Matrimandir (Shrine to the Mother) at Auroville, India

1914 – Sri Aurobindo (1872-1950) publishes Synthesis of Yoga and The Integral Yoga, in which he intended to harmonize the paths of karma, jnana, and bhakti yoga as described in the Bhagavad Gita. It can also be considered a synthesis between Vedanta and Tantra, and even between Eastern and Western approaches to spirituality.
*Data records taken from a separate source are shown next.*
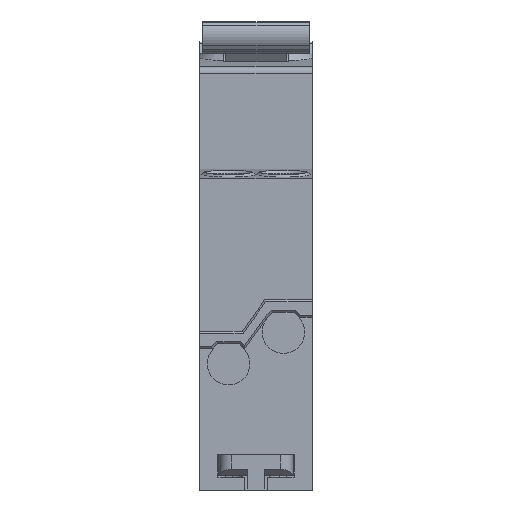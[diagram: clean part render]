
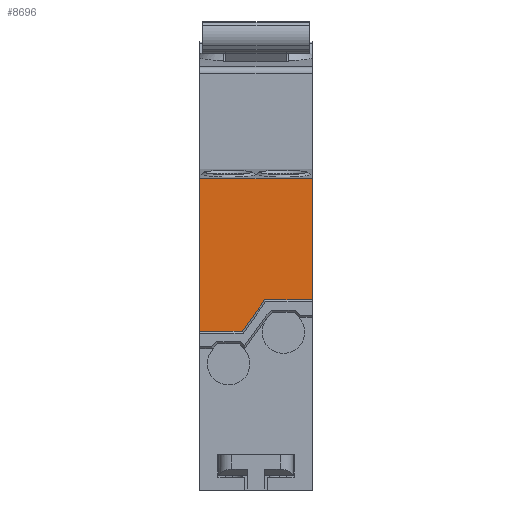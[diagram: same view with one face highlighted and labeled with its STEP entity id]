
A CAD part, front view. The second image highlights one B-rep face of the part: STEP entity #8696.
In plain terms, the highlighted planar face has unit normal (0, -1, 0).
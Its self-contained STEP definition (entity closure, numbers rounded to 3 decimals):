
#57=DIRECTION('',(0.,0.,-1.));
#58=VECTOR('',#57,23.7);
#59=CARTESIAN_POINT('',(0.852,0.3,-21.29));
#60=LINE('',#59,#58);
#662=DIRECTION('',(0.,0.,-1.));
#663=VECTOR('',#662,18.8);
#664=CARTESIAN_POINT('',(18.352,0.3,-21.29));
#665=LINE('',#664,#663);
#2117=DIRECTION('',(-1.,0.,0.));
#2118=VECTOR('',#2117,7.406);
#2119=CARTESIAN_POINT('',(18.352,0.3,-40.09));
#2120=LINE('',#2119,#2118);
#2121=DIRECTION('',(-0.581,0.,-0.814));
#2122=VECTOR('',#2121,6.022);
#2123=CARTESIAN_POINT('',(10.946,0.3,-40.09));
#2124=LINE('',#2123,#2122);
#2125=DIRECTION('',(1.,0.,0.));
#2126=VECTOR('',#2125,6.594);
#2127=CARTESIAN_POINT('',(0.852,0.3,-44.99));
#2128=LINE('',#2127,#2126);
#2129=DIRECTION('',(1.,0.,0.));
#2130=VECTOR('',#2129,17.5);
#2131=CARTESIAN_POINT('',(0.852,0.3,-21.29));
#2132=LINE('',#2131,#2130);
#5138=CARTESIAN_POINT('',(0.852,0.3,-21.29));
#5140=VERTEX_POINT('',#5138);
#5186=CARTESIAN_POINT('',(18.352,0.3,-21.29));
#5188=VERTEX_POINT('',#5186);
#5419=CARTESIAN_POINT('',(18.352,0.3,-40.09));
#5420=CARTESIAN_POINT('',(10.946,0.3,-40.09));
#5421=VERTEX_POINT('',#5419);
#5422=VERTEX_POINT('',#5420);
#5423=CARTESIAN_POINT('',(7.446,0.3,-44.99));
#5424=VERTEX_POINT('',#5423);
#5425=CARTESIAN_POINT('',(0.852,0.3,-44.99));
#5426=VERTEX_POINT('',#5425);
#8680=CARTESIAN_POINT('',(0.852,0.3,-21.29));
#8681=DIRECTION('',(0.,-1.,0.));
#8682=DIRECTION('',(0.,0.,-1.));
#8683=AXIS2_PLACEMENT_3D('',#8680,#8681,#8682);
#8684=PLANE('',#8683);
#8685=ORIENTED_EDGE('',*,*,#8671,.T.);
#8687=ORIENTED_EDGE('',*,*,#8686,.T.);
#8689=ORIENTED_EDGE('',*,*,#8688,.F.);
#8690=ORIENTED_EDGE('',*,*,#6306,.F.);
#8692=ORIENTED_EDGE('',*,*,#8691,.T.);
#8693=ORIENTED_EDGE('',*,*,#6728,.T.);
#8694=EDGE_LOOP('',(#8685,#8687,#8689,#8690,#8692,#8693));
#8695=FACE_OUTER_BOUND('',#8694,.F.);
#8696=ADVANCED_FACE('',(#8695),#8684,.T.);
#6306=EDGE_CURVE('',#5140,#5426,#60,.T.);
#6728=EDGE_CURVE('',#5188,#5421,#665,.T.);
#8671=EDGE_CURVE('',#5421,#5422,#2120,.T.);
#8686=EDGE_CURVE('',#5422,#5424,#2124,.T.);
#8688=EDGE_CURVE('',#5426,#5424,#2128,.T.);
#8691=EDGE_CURVE('',#5140,#5188,#2132,.T.);
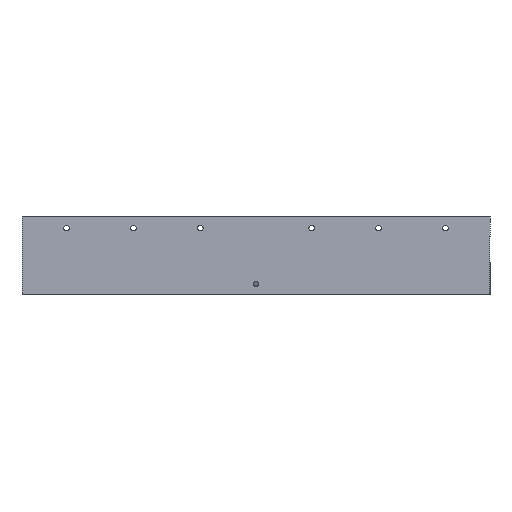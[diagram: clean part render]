
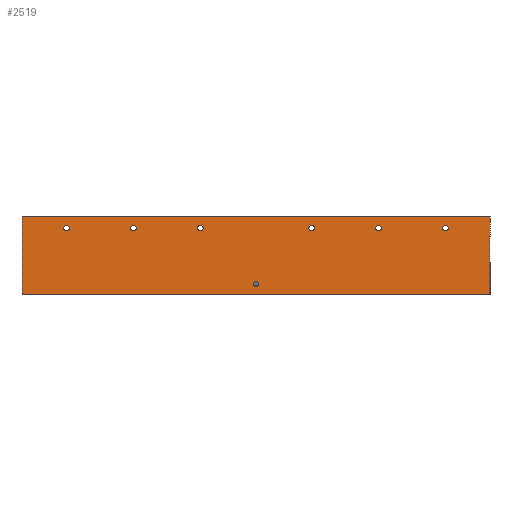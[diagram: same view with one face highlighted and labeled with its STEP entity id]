
A CAD part, left-side view. The second image highlights one B-rep face of the part: STEP entity #2519.
In plain terms, the highlighted planar face has unit normal (-1, 0, 0).
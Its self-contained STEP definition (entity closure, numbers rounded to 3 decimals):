
#29=FACE_BOUND('',#300,.T.);
#30=FACE_BOUND('',#301,.T.);
#31=FACE_BOUND('',#302,.T.);
#32=FACE_BOUND('',#303,.T.);
#33=FACE_BOUND('',#304,.T.);
#34=FACE_BOUND('',#305,.T.);
#35=FACE_BOUND('',#306,.T.);
#118=PLANE('',#2721);
#181=FACE_OUTER_BOUND('',#299,.T.);
#299=EDGE_LOOP('',(#1894,#1895,#1896,#1897));
#300=EDGE_LOOP('',(#1898,#1899));
#301=EDGE_LOOP('',(#1900,#1901));
#302=EDGE_LOOP('',(#1902,#1903));
#303=EDGE_LOOP('',(#1904,#1905));
#304=EDGE_LOOP('',(#1906,#1907));
#305=EDGE_LOOP('',(#1908,#1909));
#306=EDGE_LOOP('',(#1910,#1911));
#524=LINE('',#3970,#741);
#536=LINE('',#4030,#753);
#537=LINE('',#4032,#754);
#538=LINE('',#4033,#755);
#741=VECTOR('',#3181,10.);
#753=VECTOR('',#3247,10.);
#754=VECTOR('',#3248,10.);
#755=VECTOR('',#3249,10.);
#875=CIRCLE('',#2631,1.25);
#876=CIRCLE('',#2632,1.25);
#880=CIRCLE('',#2638,1.25);
#881=CIRCLE('',#2639,1.25);
#885=CIRCLE('',#2645,1.25);
#886=CIRCLE('',#2646,1.25);
#890=CIRCLE('',#2652,1.25);
#891=CIRCLE('',#2653,1.25);
#895=CIRCLE('',#2659,1.25);
#896=CIRCLE('',#2660,1.25);
#900=CIRCLE('',#2666,1.25);
#901=CIRCLE('',#2667,1.25);
#919=CIRCLE('',#2717,1.25);
#922=CIRCLE('',#2720,1.25);
#1035=VERTEX_POINT('',#3685);
#1036=VERTEX_POINT('',#3686);
#1040=VERTEX_POINT('',#3699);
#1041=VERTEX_POINT('',#3700);
#1045=VERTEX_POINT('',#3713);
#1046=VERTEX_POINT('',#3714);
#1050=VERTEX_POINT('',#3727);
#1051=VERTEX_POINT('',#3728);
#1055=VERTEX_POINT('',#3741);
#1056=VERTEX_POINT('',#3742);
#1060=VERTEX_POINT('',#3755);
#1061=VERTEX_POINT('',#3756);
#1153=VERTEX_POINT('',#3967);
#1154=VERTEX_POINT('',#3969);
#1171=VERTEX_POINT('',#4019);
#1172=VERTEX_POINT('',#4020);
#1175=VERTEX_POINT('',#4029);
#1176=VERTEX_POINT('',#4031);
#1305=EDGE_CURVE('',#1035,#1036,#875,.T.);
#1306=EDGE_CURVE('',#1036,#1035,#876,.T.);
#1312=EDGE_CURVE('',#1040,#1041,#880,.T.);
#1313=EDGE_CURVE('',#1041,#1040,#881,.T.);
#1319=EDGE_CURVE('',#1045,#1046,#885,.T.);
#1320=EDGE_CURVE('',#1046,#1045,#886,.T.);
#1326=EDGE_CURVE('',#1050,#1051,#890,.T.);
#1327=EDGE_CURVE('',#1051,#1050,#891,.T.);
#1333=EDGE_CURVE('',#1055,#1056,#895,.T.);
#1334=EDGE_CURVE('',#1056,#1055,#896,.T.);
#1340=EDGE_CURVE('',#1060,#1061,#900,.T.);
#1341=EDGE_CURVE('',#1061,#1060,#901,.T.);
#1436=EDGE_CURVE('',#1153,#1154,#524,.T.);
#1461=EDGE_CURVE('',#1171,#1172,#919,.T.);
#1465=EDGE_CURVE('',#1172,#1171,#922,.T.);
#1466=EDGE_CURVE('',#1175,#1153,#536,.T.);
#1467=EDGE_CURVE('',#1175,#1176,#537,.T.);
#1468=EDGE_CURVE('',#1176,#1154,#538,.T.);
#1894=ORIENTED_EDGE('',*,*,#1466,.F.);
#1895=ORIENTED_EDGE('',*,*,#1467,.T.);
#1896=ORIENTED_EDGE('',*,*,#1468,.T.);
#1897=ORIENTED_EDGE('',*,*,#1436,.F.);
#1898=ORIENTED_EDGE('',*,*,#1461,.F.);
#1899=ORIENTED_EDGE('',*,*,#1465,.F.);
#1900=ORIENTED_EDGE('',*,*,#1305,.T.);
#1901=ORIENTED_EDGE('',*,*,#1306,.T.);
#1902=ORIENTED_EDGE('',*,*,#1312,.T.);
#1903=ORIENTED_EDGE('',*,*,#1313,.T.);
#1904=ORIENTED_EDGE('',*,*,#1319,.T.);
#1905=ORIENTED_EDGE('',*,*,#1320,.T.);
#1906=ORIENTED_EDGE('',*,*,#1326,.T.);
#1907=ORIENTED_EDGE('',*,*,#1327,.T.);
#1908=ORIENTED_EDGE('',*,*,#1333,.T.);
#1909=ORIENTED_EDGE('',*,*,#1334,.T.);
#1910=ORIENTED_EDGE('',*,*,#1340,.T.);
#1911=ORIENTED_EDGE('',*,*,#1341,.T.);
#2519=ADVANCED_FACE('',(#181,#29,#30,#31,#32,#33,#34,#35),#118,.T.);
#2631=AXIS2_PLACEMENT_3D('',#3687,#2952,#2953);
#2632=AXIS2_PLACEMENT_3D('',#3688,#2954,#2955);
#2638=AXIS2_PLACEMENT_3D('',#3701,#2968,#2969);
#2639=AXIS2_PLACEMENT_3D('',#3702,#2970,#2971);
#2645=AXIS2_PLACEMENT_3D('',#3715,#2984,#2985);
#2646=AXIS2_PLACEMENT_3D('',#3716,#2986,#2987);
#2652=AXIS2_PLACEMENT_3D('',#3729,#3000,#3001);
#2653=AXIS2_PLACEMENT_3D('',#3730,#3002,#3003);
#2659=AXIS2_PLACEMENT_3D('',#3743,#3016,#3017);
#2660=AXIS2_PLACEMENT_3D('',#3744,#3018,#3019);
#2666=AXIS2_PLACEMENT_3D('',#3757,#3032,#3033);
#2667=AXIS2_PLACEMENT_3D('',#3758,#3034,#3035);
#2717=AXIS2_PLACEMENT_3D('',#4021,#3236,#3237);
#2720=AXIS2_PLACEMENT_3D('',#4027,#3243,#3244);
#2721=AXIS2_PLACEMENT_3D('',#4028,#3245,#3246);
#2952=DIRECTION('center_axis',(1.,0.,0.));
#2953=DIRECTION('ref_axis',(0.,0.,1.));
#2954=DIRECTION('center_axis',(1.,0.,0.));
#2955=DIRECTION('ref_axis',(0.,0.,1.));
#2968=DIRECTION('center_axis',(1.,0.,0.));
#2969=DIRECTION('ref_axis',(0.,0.,1.));
#2970=DIRECTION('center_axis',(1.,0.,0.));
#2971=DIRECTION('ref_axis',(0.,0.,1.));
#2984=DIRECTION('center_axis',(1.,0.,0.));
#2985=DIRECTION('ref_axis',(0.,0.,1.));
#2986=DIRECTION('center_axis',(1.,0.,0.));
#2987=DIRECTION('ref_axis',(0.,0.,1.));
#3000=DIRECTION('center_axis',(1.,0.,0.));
#3001=DIRECTION('ref_axis',(0.,0.,1.));
#3002=DIRECTION('center_axis',(1.,0.,0.));
#3003=DIRECTION('ref_axis',(0.,0.,1.));
#3016=DIRECTION('center_axis',(1.,0.,0.));
#3017=DIRECTION('ref_axis',(0.,0.,1.));
#3018=DIRECTION('center_axis',(1.,0.,0.));
#3019=DIRECTION('ref_axis',(0.,0.,1.));
#3032=DIRECTION('center_axis',(1.,0.,0.));
#3033=DIRECTION('ref_axis',(0.,0.,1.));
#3034=DIRECTION('center_axis',(1.,0.,0.));
#3035=DIRECTION('ref_axis',(0.,0.,1.));
#3181=DIRECTION('',(0.,-1.,0.));
#3236=DIRECTION('center_axis',(-1.,0.,0.));
#3237=DIRECTION('ref_axis',(0.,0.,1.));
#3243=DIRECTION('center_axis',(-1.,0.,0.));
#3244=DIRECTION('ref_axis',(0.,0.,1.));
#3245=DIRECTION('center_axis',(-1.,0.,0.));
#3246=DIRECTION('ref_axis',(0.,0.,1.));
#3247=DIRECTION('',(0.,0.,1.));
#3248=DIRECTION('',(0.,-1.,0.));
#3249=DIRECTION('',(0.,0.,1.));
#3685=CARTESIAN_POINT('',(-205.,80.,6.25));
#3686=CARTESIAN_POINT('',(-205.,80.,3.75));
#3687=CARTESIAN_POINT('Origin',(-205.,80.,5.));
#3688=CARTESIAN_POINT('Origin',(-205.,80.,5.));
#3699=CARTESIAN_POINT('',(-205.,50.,6.25));
#3700=CARTESIAN_POINT('',(-205.,50.,3.75));
#3701=CARTESIAN_POINT('Origin',(-205.,50.,5.));
#3702=CARTESIAN_POINT('Origin',(-205.,50.,5.));
#3713=CARTESIAN_POINT('',(-205.,20.,6.25));
#3714=CARTESIAN_POINT('',(-205.,20.,3.75));
#3715=CARTESIAN_POINT('Origin',(-205.,20.,5.));
#3716=CARTESIAN_POINT('Origin',(-205.,20.,5.));
#3727=CARTESIAN_POINT('',(-205.,130.,6.25));
#3728=CARTESIAN_POINT('',(-205.,130.,3.75));
#3729=CARTESIAN_POINT('Origin',(-205.,130.,5.));
#3730=CARTESIAN_POINT('Origin',(-205.,130.,5.));
#3741=CARTESIAN_POINT('',(-205.,160.,6.25));
#3742=CARTESIAN_POINT('',(-205.,160.,3.75));
#3743=CARTESIAN_POINT('Origin',(-205.,160.,5.));
#3744=CARTESIAN_POINT('Origin',(-205.,160.,5.));
#3755=CARTESIAN_POINT('',(-205.,190.,6.25));
#3756=CARTESIAN_POINT('',(-205.,190.,3.75));
#3757=CARTESIAN_POINT('Origin',(-205.,190.,5.));
#3758=CARTESIAN_POINT('Origin',(-205.,190.,5.));
#3967=CARTESIAN_POINT('',(-205.,210.,10.));
#3969=CARTESIAN_POINT('',(-205.,0.,10.));
#3970=CARTESIAN_POINT('',(-205.,210.,10.));
#4019=CARTESIAN_POINT('',(-205.,104.196,-20.957));
#4020=CARTESIAN_POINT('',(-205.,105.,-21.25));
#4021=CARTESIAN_POINT('Origin',(-205.,105.,-20.));
#4027=CARTESIAN_POINT('Origin',(-205.,105.,-20.));
#4028=CARTESIAN_POINT('Origin',(-205.,105.,-12.5));
#4029=CARTESIAN_POINT('',(-205.,210.,-25.));
#4030=CARTESIAN_POINT('',(-205.,210.,0.));
#4031=CARTESIAN_POINT('',(-205.,0.,-25.));
#4032=CARTESIAN_POINT('',(-205.,210.,-25.));
#4033=CARTESIAN_POINT('',(-205.,0.,-25.));

Aurobindo also proposed a concentric hierarchy consisting of the physical, vital, mental and supramental bodies.

1914 – In Russia, Harvard sociologist Pitirim Sorokin (1889-1968) began referring to the emergence of a future, spiritually-based integral society and began using phrases like “integral philosophy” and “integralist.”

1915 – Following his break with Sigmund Freud (1856-1939) over spirituality and the collective unconscious, Swiss psychiatrist and psychotherapist Carl Jung (1875-1961) begins to record his experiments with trans-rational mysticism in his famous Red Book.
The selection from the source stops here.